Problem to solve: Return, exactly and in full, the lines of the records below starting at the one with "64.121C58.11 64.135 58.179" and ending at the one with "72.12C50.029 72.135 50.099", and no other lines.
(Records begins)
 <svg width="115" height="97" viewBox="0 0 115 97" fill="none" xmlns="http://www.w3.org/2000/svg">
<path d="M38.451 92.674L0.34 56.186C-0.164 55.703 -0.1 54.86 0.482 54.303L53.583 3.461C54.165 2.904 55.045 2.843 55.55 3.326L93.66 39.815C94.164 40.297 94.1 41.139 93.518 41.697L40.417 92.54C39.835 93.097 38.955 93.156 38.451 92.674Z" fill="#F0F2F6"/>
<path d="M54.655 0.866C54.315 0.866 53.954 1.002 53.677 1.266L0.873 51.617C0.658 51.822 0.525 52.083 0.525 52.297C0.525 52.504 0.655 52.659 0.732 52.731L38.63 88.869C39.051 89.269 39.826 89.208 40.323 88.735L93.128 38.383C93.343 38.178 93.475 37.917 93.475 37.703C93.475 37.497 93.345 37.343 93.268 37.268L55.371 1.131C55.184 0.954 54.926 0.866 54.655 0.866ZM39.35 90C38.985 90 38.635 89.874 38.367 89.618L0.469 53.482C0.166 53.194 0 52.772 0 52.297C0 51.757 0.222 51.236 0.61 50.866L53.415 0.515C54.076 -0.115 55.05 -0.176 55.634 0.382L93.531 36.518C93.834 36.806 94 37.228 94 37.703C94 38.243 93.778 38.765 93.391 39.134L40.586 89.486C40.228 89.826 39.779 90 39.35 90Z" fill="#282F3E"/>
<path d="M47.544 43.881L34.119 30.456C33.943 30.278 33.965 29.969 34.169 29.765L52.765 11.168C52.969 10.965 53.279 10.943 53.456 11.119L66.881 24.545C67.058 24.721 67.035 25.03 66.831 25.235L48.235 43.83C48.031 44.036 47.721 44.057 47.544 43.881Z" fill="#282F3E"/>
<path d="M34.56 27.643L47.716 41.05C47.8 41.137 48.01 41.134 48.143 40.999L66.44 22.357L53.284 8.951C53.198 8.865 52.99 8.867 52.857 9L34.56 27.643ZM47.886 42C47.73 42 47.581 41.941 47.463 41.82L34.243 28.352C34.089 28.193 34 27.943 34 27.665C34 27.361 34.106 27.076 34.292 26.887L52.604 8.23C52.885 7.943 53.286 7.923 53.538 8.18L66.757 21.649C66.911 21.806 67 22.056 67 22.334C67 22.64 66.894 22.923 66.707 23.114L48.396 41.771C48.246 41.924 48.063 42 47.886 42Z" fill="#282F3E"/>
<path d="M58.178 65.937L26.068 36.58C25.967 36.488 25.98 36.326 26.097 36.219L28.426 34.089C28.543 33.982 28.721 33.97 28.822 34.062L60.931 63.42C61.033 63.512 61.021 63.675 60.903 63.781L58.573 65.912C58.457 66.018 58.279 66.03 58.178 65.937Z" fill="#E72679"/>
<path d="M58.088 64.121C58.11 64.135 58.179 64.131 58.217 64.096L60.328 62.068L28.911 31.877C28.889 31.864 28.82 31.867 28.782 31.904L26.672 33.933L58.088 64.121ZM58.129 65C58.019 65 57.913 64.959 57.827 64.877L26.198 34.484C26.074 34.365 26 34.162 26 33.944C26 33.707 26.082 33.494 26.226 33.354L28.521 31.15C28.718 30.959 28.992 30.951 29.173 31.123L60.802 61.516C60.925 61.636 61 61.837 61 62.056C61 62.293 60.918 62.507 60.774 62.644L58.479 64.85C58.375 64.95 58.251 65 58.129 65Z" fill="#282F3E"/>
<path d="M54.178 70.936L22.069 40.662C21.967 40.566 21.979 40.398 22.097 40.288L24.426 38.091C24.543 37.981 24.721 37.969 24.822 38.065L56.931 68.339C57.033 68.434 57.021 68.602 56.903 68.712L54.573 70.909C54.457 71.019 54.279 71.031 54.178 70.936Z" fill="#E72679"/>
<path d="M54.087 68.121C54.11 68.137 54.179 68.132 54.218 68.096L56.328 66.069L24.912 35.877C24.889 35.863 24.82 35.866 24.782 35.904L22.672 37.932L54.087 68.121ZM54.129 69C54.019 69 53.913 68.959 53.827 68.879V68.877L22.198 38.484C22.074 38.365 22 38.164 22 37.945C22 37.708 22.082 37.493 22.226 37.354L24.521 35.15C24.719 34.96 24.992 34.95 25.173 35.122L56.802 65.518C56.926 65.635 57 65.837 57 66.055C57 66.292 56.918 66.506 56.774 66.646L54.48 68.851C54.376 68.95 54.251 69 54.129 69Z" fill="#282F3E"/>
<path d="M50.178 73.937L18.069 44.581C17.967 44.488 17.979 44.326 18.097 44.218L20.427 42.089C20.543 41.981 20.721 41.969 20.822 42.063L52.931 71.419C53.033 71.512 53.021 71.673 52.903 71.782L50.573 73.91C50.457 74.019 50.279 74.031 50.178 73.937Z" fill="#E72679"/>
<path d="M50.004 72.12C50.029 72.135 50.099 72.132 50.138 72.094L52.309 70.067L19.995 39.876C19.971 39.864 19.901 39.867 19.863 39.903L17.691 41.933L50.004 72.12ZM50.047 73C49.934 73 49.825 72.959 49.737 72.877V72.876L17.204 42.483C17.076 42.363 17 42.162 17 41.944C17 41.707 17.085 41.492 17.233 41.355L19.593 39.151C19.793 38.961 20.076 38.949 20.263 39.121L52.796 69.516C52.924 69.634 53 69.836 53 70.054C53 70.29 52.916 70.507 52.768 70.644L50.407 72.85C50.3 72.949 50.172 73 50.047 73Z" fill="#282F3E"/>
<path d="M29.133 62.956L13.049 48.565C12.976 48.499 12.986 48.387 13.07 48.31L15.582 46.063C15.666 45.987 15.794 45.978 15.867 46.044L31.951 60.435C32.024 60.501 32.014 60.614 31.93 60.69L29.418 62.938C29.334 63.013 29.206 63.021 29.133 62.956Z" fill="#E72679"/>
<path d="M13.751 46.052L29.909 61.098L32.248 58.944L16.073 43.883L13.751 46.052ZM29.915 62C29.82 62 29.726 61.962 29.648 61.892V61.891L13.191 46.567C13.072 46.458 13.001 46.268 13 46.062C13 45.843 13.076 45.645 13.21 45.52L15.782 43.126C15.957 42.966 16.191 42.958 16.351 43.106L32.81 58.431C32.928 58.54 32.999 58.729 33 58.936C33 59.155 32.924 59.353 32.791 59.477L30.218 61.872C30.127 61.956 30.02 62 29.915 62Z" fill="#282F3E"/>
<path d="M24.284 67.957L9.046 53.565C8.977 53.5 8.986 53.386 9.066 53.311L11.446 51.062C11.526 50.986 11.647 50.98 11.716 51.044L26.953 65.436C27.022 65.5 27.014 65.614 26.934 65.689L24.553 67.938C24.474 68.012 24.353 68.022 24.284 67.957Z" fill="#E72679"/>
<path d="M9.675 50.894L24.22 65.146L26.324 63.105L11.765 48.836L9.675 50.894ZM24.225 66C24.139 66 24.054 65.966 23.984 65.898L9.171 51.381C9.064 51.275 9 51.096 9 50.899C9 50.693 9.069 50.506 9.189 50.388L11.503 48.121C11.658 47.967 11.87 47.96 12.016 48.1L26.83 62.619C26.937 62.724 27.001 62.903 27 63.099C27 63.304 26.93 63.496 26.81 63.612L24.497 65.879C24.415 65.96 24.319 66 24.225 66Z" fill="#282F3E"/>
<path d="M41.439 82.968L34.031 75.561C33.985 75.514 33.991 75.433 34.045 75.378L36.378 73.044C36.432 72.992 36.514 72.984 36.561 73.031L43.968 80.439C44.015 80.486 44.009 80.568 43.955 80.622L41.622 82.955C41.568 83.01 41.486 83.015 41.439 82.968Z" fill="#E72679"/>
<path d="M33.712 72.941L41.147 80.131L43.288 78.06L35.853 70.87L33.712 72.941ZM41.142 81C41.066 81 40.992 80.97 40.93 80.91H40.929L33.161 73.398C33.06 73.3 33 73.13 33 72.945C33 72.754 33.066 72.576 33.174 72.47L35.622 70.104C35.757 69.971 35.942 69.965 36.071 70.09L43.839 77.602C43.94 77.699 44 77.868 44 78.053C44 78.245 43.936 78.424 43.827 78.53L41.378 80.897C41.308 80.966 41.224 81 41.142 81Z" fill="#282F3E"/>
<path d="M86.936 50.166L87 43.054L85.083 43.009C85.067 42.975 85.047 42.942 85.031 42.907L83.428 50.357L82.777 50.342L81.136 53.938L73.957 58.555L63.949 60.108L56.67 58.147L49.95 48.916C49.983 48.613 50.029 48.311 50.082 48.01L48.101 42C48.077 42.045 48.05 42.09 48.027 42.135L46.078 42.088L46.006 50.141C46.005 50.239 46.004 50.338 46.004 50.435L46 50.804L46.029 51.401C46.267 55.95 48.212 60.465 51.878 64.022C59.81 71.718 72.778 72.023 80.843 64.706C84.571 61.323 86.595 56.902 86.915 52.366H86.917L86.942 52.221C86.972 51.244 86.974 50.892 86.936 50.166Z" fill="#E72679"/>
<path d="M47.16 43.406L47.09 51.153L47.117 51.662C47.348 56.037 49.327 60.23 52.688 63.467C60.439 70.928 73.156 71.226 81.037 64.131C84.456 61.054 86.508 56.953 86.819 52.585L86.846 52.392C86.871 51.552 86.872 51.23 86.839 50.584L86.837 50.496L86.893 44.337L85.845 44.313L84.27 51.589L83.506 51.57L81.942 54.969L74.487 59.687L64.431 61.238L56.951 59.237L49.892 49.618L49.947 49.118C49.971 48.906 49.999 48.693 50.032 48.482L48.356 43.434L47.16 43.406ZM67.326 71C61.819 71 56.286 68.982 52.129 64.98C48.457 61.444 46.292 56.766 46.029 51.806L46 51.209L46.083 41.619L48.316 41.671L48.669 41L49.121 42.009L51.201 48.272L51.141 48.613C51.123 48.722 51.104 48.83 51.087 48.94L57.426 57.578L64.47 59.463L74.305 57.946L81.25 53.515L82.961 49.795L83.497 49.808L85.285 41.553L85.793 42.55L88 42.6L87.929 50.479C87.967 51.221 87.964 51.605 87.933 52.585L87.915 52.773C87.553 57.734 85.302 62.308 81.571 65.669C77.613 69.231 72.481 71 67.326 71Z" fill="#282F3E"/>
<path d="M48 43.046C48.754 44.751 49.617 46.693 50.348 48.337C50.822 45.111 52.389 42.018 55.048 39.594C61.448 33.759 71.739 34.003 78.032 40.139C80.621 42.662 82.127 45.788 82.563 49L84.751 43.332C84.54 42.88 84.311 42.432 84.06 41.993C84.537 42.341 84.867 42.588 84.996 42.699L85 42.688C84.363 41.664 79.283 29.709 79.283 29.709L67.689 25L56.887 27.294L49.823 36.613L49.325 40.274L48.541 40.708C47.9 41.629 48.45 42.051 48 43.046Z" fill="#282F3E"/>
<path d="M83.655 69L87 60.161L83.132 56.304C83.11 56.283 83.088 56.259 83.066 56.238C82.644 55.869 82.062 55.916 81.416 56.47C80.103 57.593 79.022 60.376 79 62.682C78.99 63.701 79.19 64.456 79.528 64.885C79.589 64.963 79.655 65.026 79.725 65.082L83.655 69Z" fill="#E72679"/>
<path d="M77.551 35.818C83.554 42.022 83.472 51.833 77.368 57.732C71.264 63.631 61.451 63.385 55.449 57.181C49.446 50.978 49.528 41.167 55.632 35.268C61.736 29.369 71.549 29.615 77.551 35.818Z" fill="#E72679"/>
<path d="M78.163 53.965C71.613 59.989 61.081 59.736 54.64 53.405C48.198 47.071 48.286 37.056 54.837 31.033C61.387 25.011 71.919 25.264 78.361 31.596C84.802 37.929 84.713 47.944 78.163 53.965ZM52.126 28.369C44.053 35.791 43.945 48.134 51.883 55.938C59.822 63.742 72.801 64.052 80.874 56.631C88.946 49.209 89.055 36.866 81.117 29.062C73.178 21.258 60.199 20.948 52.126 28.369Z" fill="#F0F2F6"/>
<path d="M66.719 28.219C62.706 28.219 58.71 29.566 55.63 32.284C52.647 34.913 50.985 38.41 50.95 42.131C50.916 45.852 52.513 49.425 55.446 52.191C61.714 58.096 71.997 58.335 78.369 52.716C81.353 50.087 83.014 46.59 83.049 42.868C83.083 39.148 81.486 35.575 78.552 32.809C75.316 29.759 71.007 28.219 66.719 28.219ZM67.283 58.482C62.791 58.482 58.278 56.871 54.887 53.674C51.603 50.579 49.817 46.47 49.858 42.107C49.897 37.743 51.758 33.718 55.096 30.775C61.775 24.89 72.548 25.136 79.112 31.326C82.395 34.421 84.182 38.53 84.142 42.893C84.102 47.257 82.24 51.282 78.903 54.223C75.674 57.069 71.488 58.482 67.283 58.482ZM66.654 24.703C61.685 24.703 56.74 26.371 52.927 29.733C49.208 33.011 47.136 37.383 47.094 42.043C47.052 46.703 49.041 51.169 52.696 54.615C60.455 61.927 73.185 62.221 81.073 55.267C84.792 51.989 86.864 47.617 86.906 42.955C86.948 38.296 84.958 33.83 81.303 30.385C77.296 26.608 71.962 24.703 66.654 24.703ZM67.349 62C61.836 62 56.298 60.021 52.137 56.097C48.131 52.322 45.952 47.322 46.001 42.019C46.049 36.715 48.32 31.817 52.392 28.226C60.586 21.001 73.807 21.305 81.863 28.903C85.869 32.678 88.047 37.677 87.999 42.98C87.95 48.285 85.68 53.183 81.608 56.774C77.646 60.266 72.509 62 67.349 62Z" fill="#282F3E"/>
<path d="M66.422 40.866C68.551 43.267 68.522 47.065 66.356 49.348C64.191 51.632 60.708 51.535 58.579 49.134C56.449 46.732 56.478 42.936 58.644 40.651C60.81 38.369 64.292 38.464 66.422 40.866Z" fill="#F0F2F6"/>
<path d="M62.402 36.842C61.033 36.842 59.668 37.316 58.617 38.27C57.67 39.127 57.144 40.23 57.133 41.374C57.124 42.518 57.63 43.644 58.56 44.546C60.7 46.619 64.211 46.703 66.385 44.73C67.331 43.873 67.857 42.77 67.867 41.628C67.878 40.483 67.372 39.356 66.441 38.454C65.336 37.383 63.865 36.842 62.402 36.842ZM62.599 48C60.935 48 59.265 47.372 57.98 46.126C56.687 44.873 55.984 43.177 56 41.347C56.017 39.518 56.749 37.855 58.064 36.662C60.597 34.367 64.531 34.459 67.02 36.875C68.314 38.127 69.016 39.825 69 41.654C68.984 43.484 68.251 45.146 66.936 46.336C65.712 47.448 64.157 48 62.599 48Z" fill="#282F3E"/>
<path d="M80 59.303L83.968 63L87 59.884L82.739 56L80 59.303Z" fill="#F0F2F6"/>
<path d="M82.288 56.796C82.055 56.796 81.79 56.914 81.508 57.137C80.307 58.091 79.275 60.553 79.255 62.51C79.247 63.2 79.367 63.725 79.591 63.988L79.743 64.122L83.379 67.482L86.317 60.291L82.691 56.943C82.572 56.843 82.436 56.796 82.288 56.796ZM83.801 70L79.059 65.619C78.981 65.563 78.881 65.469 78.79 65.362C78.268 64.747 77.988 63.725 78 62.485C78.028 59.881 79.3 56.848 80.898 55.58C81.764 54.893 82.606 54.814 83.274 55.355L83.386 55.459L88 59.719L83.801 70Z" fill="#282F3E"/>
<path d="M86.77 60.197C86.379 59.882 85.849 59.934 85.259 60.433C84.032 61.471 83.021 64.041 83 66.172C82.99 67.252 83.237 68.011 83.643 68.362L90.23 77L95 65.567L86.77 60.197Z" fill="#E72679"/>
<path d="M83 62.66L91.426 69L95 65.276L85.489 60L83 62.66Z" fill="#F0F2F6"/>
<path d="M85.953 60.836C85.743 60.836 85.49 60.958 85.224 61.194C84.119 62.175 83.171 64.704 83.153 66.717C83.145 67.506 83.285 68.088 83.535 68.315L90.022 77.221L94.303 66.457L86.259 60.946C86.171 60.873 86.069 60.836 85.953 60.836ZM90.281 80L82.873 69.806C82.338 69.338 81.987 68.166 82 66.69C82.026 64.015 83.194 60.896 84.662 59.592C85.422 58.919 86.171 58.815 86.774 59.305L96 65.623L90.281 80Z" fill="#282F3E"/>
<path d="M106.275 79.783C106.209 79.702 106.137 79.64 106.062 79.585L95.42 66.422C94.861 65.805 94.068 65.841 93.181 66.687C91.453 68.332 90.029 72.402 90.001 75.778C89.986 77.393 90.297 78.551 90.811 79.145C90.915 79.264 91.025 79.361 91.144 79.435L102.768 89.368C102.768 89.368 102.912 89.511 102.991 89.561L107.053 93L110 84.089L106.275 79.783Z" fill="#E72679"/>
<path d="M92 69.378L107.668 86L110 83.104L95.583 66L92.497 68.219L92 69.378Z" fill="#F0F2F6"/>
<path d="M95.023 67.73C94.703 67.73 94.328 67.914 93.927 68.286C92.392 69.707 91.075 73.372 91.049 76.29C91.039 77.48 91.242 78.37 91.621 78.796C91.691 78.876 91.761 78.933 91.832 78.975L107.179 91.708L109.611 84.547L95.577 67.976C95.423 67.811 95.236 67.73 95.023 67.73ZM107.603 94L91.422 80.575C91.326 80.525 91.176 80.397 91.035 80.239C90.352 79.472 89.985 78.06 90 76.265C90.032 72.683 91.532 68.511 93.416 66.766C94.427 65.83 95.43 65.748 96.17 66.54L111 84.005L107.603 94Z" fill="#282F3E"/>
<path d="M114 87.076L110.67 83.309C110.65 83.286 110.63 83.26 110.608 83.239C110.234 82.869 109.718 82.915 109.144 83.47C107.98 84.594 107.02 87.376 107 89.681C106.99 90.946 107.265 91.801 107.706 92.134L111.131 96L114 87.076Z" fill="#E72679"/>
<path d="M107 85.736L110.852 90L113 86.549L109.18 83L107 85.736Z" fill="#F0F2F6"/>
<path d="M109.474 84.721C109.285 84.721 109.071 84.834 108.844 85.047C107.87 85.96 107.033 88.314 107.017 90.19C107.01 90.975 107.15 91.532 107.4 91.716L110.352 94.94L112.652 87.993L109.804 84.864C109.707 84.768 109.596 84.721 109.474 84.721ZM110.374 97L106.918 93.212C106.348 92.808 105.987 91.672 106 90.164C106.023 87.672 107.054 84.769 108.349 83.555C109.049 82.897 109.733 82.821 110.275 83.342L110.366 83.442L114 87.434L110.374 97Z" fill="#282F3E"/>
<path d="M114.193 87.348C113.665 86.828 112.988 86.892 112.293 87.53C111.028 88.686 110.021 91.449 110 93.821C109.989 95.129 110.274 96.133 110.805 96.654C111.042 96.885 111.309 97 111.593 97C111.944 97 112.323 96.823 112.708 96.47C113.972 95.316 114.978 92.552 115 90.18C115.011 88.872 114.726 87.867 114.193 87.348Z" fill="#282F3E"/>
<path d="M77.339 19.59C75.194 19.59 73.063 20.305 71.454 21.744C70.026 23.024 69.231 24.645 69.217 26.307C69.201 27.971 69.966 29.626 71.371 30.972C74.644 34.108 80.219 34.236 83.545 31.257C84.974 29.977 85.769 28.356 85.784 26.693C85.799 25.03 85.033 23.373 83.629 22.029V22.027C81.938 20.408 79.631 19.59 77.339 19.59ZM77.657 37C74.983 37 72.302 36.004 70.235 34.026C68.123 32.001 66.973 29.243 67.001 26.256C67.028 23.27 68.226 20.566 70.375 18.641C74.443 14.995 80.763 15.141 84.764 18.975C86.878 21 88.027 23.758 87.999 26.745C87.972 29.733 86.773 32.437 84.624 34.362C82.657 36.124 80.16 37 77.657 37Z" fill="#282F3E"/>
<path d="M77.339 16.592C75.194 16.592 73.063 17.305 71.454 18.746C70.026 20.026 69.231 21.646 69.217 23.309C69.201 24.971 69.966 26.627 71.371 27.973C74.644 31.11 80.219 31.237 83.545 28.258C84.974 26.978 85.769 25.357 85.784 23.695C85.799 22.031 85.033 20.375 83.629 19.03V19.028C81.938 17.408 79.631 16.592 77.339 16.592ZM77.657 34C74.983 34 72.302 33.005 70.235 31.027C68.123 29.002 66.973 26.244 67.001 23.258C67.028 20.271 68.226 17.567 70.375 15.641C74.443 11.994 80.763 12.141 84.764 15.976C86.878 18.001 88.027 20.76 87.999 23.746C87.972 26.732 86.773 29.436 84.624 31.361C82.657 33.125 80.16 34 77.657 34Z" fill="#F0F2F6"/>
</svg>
(Records ends)
Answer section:
<path d="M58.088 64.121C58.11 64.135 58.179 64.131 58.217 64.096L60.328 62.068L28.911 31.877C28.889 31.864 28.82 31.867 28.782 31.904L26.672 33.933L58.088 64.121ZM58.129 65C58.019 65 57.913 64.959 57.827 64.877L26.198 34.484C26.074 34.365 26 34.162 26 33.944C26 33.707 26.082 33.494 26.226 33.354L28.521 31.15C28.718 30.959 28.992 30.951 29.173 31.123L60.802 61.516C60.925 61.636 61 61.837 61 62.056C61 62.293 60.918 62.507 60.774 62.644L58.479 64.85C58.375 64.95 58.251 65 58.129 65Z" fill="#282F3E"/>
<path d="M54.178 70.936L22.069 40.662C21.967 40.566 21.979 40.398 22.097 40.288L24.426 38.091C24.543 37.981 24.721 37.969 24.822 38.065L56.931 68.339C57.033 68.434 57.021 68.602 56.903 68.712L54.573 70.909C54.457 71.019 54.279 71.031 54.178 70.936Z" fill="#E72679"/>
<path d="M54.087 68.121C54.11 68.137 54.179 68.132 54.218 68.096L56.328 66.069L24.912 35.877C24.889 35.863 24.82 35.866 24.782 35.904L22.672 37.932L54.087 68.121ZM54.129 69C54.019 69 53.913 68.959 53.827 68.879V68.877L22.198 38.484C22.074 38.365 22 38.164 22 37.945C22 37.708 22.082 37.493 22.226 37.354L24.521 35.15C24.719 34.96 24.992 34.95 25.173 35.122L56.802 65.518C56.926 65.635 57 65.837 57 66.055C57 66.292 56.918 66.506 56.774 66.646L54.48 68.851C54.376 68.95 54.251 69 54.129 69Z" fill="#282F3E"/>
<path d="M50.178 73.937L18.069 44.581C17.967 44.488 17.979 44.326 18.097 44.218L20.427 42.089C20.543 41.981 20.721 41.969 20.822 42.063L52.931 71.419C53.033 71.512 53.021 71.673 52.903 71.782L50.573 73.91C50.457 74.019 50.279 74.031 50.178 73.937Z" fill="#E72679"/>
<path d="M50.004 72.12C50.029 72.135 50.099 72.132 50.138 72.094L52.309 70.067L19.995 39.876C19.971 39.864 19.901 39.867 19.863 39.903L17.691 41.933L50.004 72.12ZM50.047 73C49.934 73 49.825 72.959 49.737 72.877V72.876L17.204 42.483C17.076 42.363 17 42.162 17 41.944C17 41.707 17.085 41.492 17.233 41.355L19.593 39.151C19.793 38.961 20.076 38.949 20.263 39.121L52.796 69.516C52.924 69.634 53 69.836 53 70.054C53 70.29 52.916 70.507 52.768 70.644L50.407 72.85C50.3 72.949 50.172 73 50.047 73Z" fill="#282F3E"/>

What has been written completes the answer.